* [Goal of the exercise]:
Copy out the entries word for word, leaving images aside.

* [Input for this task]:
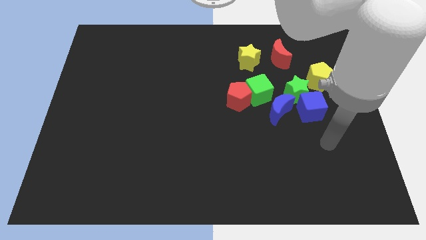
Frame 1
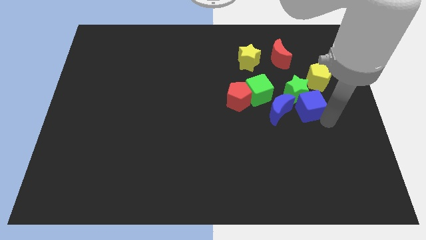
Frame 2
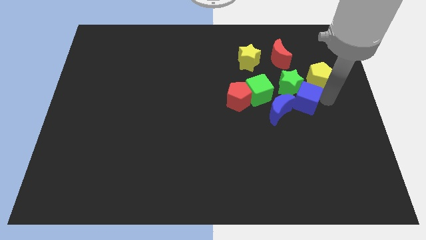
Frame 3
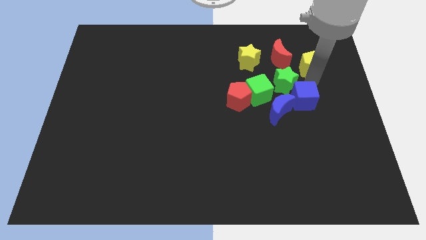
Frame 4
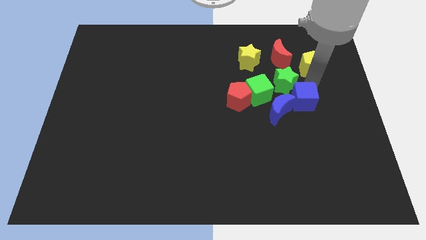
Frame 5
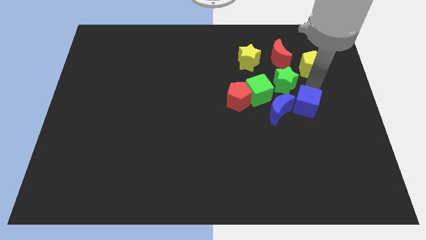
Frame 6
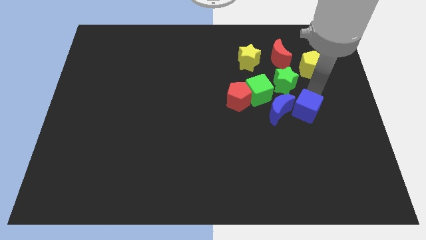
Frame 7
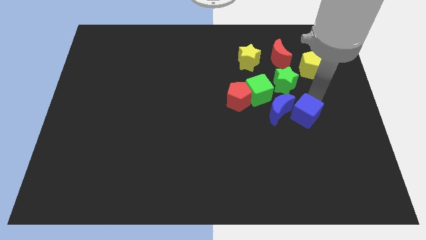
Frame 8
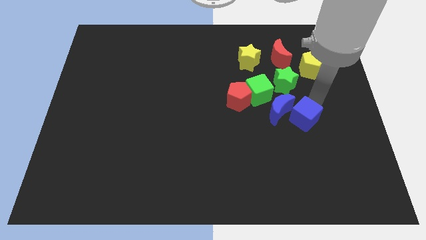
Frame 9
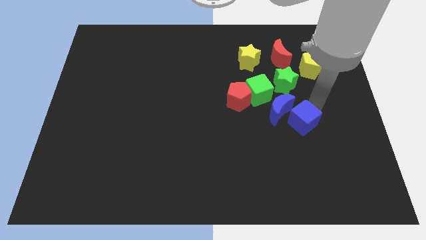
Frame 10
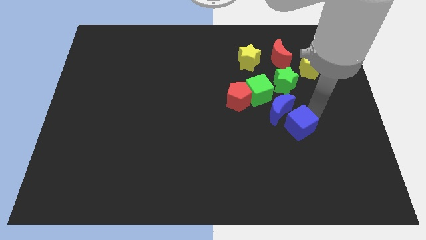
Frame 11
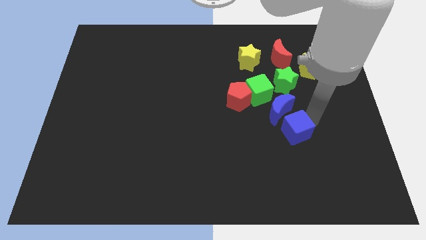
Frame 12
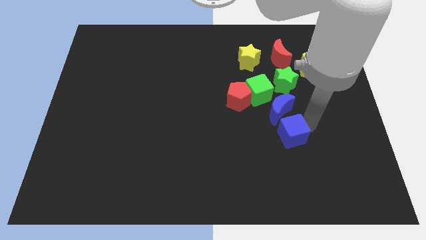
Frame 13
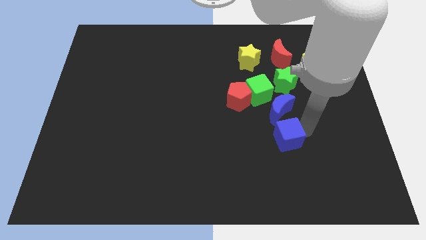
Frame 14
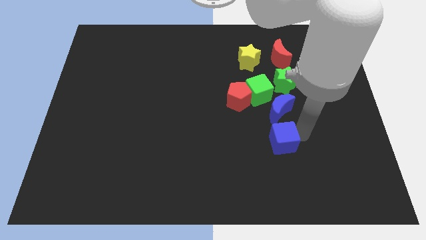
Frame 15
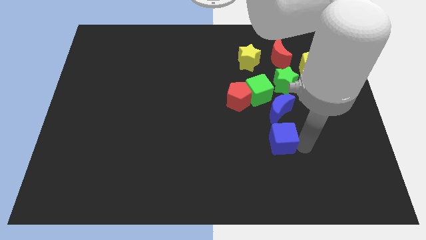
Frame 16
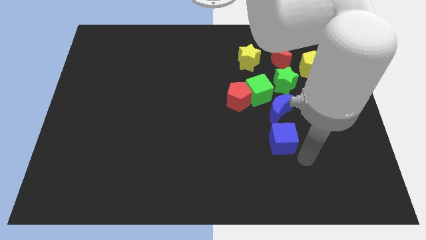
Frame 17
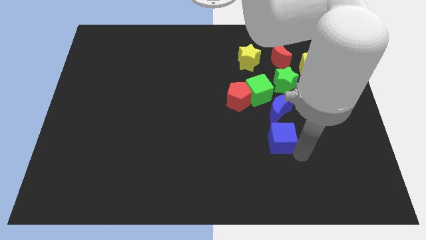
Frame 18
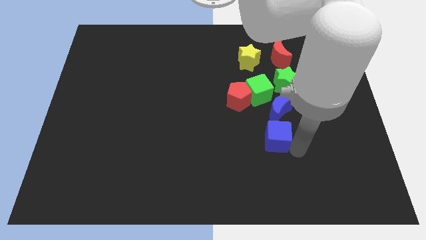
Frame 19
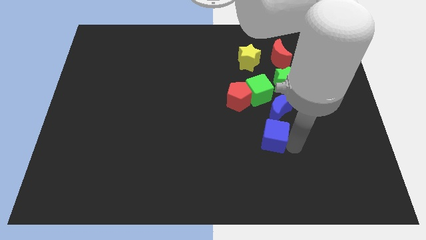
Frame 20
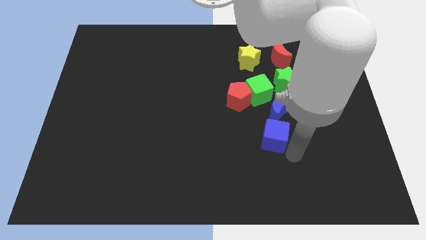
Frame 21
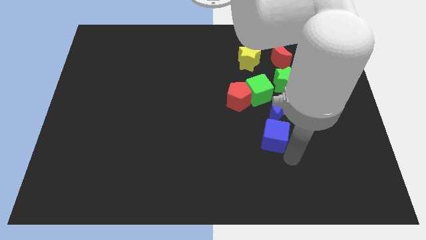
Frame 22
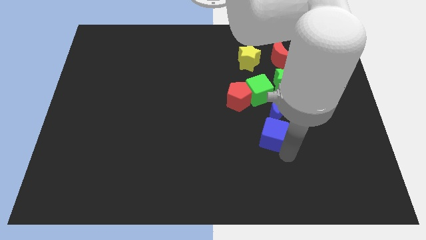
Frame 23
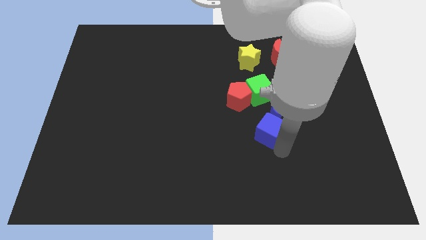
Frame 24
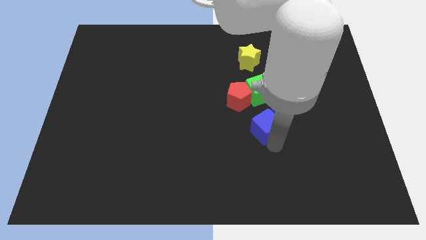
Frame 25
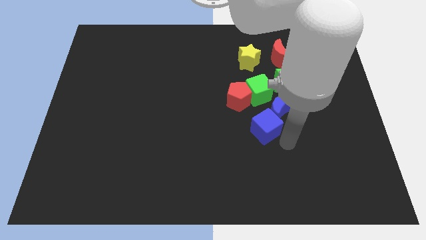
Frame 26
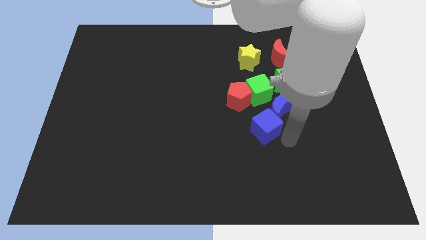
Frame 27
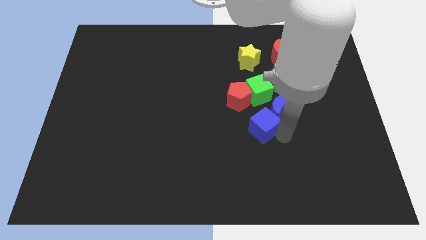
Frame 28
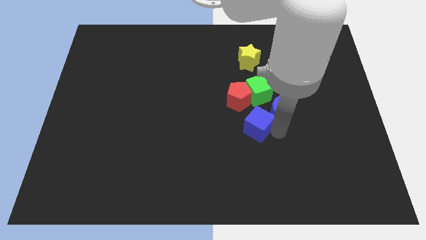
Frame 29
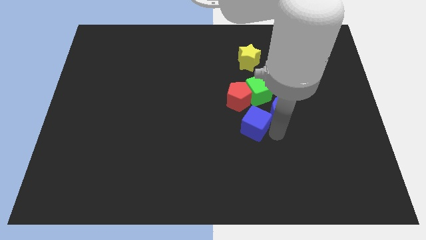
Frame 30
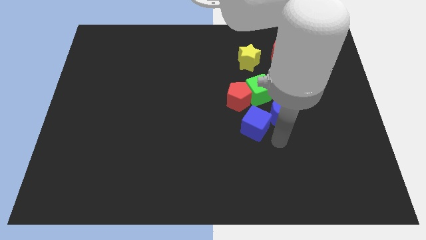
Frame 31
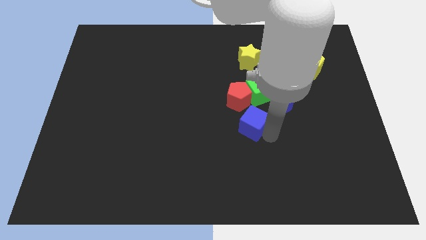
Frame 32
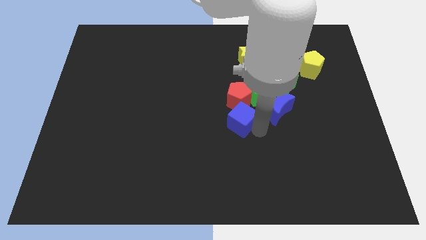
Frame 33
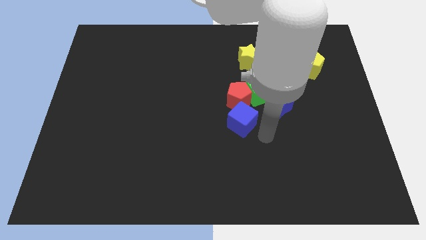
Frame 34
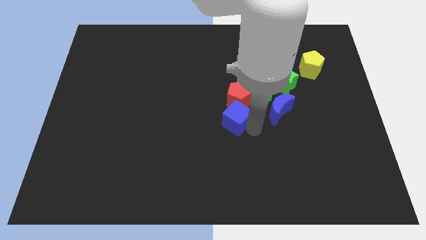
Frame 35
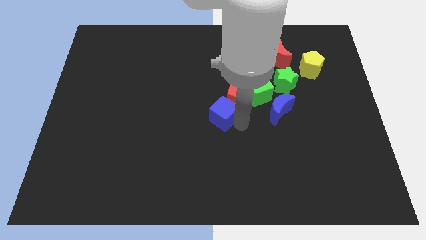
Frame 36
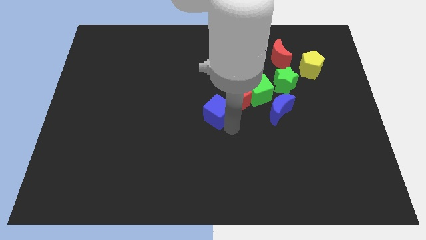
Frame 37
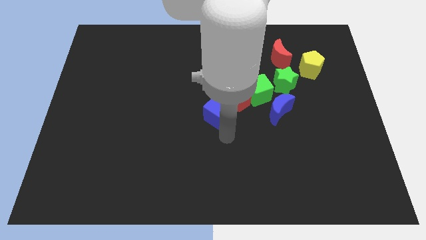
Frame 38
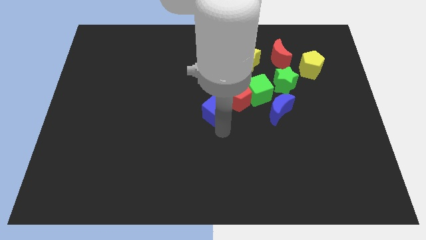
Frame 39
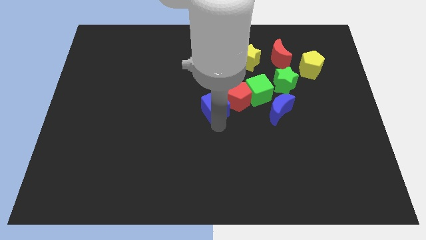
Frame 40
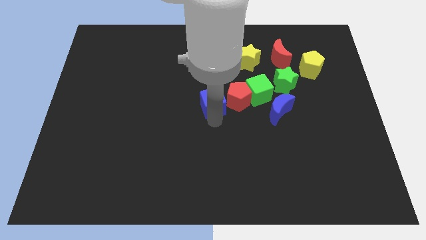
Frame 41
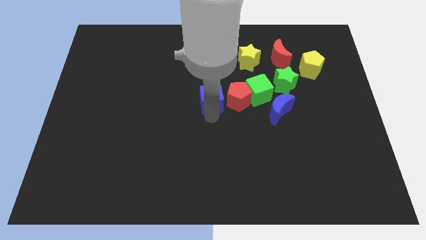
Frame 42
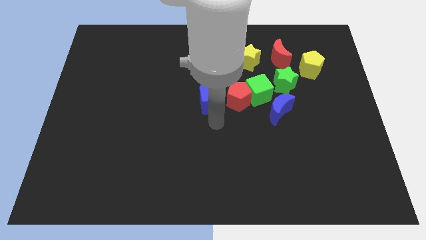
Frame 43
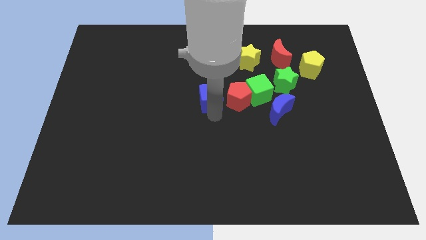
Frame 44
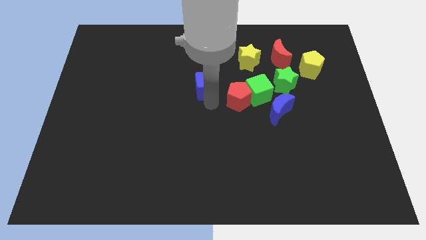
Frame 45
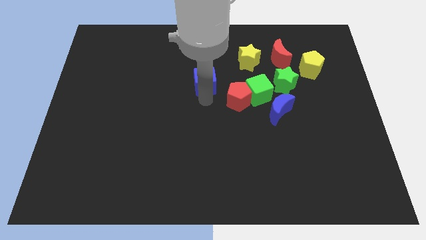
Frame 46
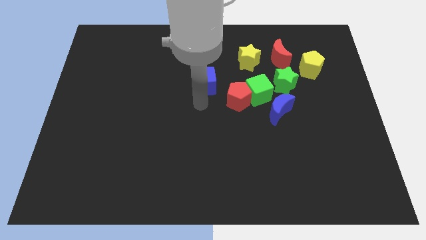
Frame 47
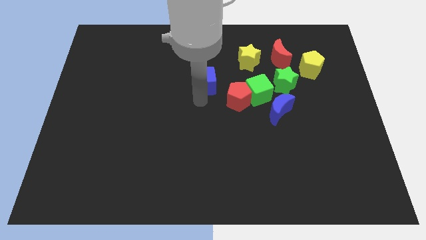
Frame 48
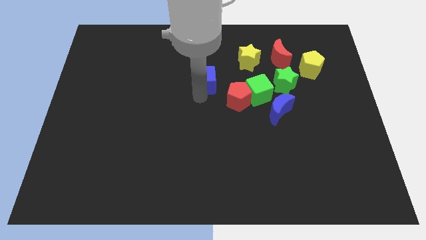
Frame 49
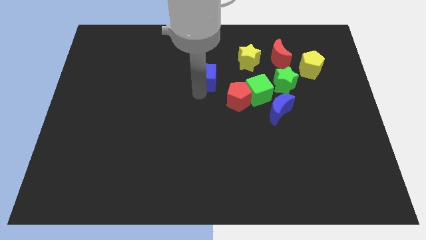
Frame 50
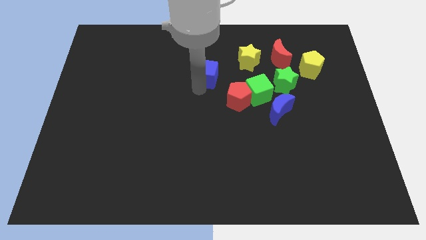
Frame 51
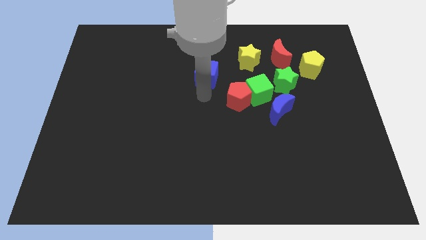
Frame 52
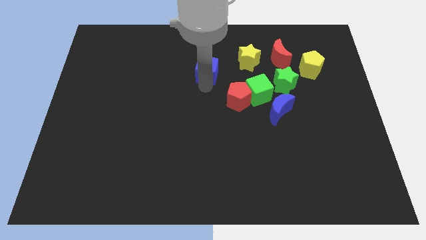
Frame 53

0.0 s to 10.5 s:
put the blue cube just left of the yellow star

* [Task result]:
Frame 1
Frame 2
Frame 3
Frame 4
Frame 5
Frame 6
Frame 7
Frame 8
Frame 9
Frame 10
Frame 11
Frame 12
Frame 13
Frame 14
Frame 15
Frame 16
Frame 17
Frame 18
Frame 19
Frame 20
Frame 21
Frame 22
Frame 23
Frame 24
Frame 25
Frame 26
Frame 27
Frame 28
Frame 29
Frame 30
Frame 31
Frame 32
Frame 33
Frame 34
Frame 35
Frame 36
Frame 37
Frame 38
Frame 39
Frame 40
Frame 41
Frame 42
Frame 43
Frame 44
Frame 45
Frame 46
Frame 47
Frame 48
Frame 49
Frame 50
Frame 51
Frame 52
Frame 53

0.0 s to 10.5 s:
put the blue cube just left of the yellow star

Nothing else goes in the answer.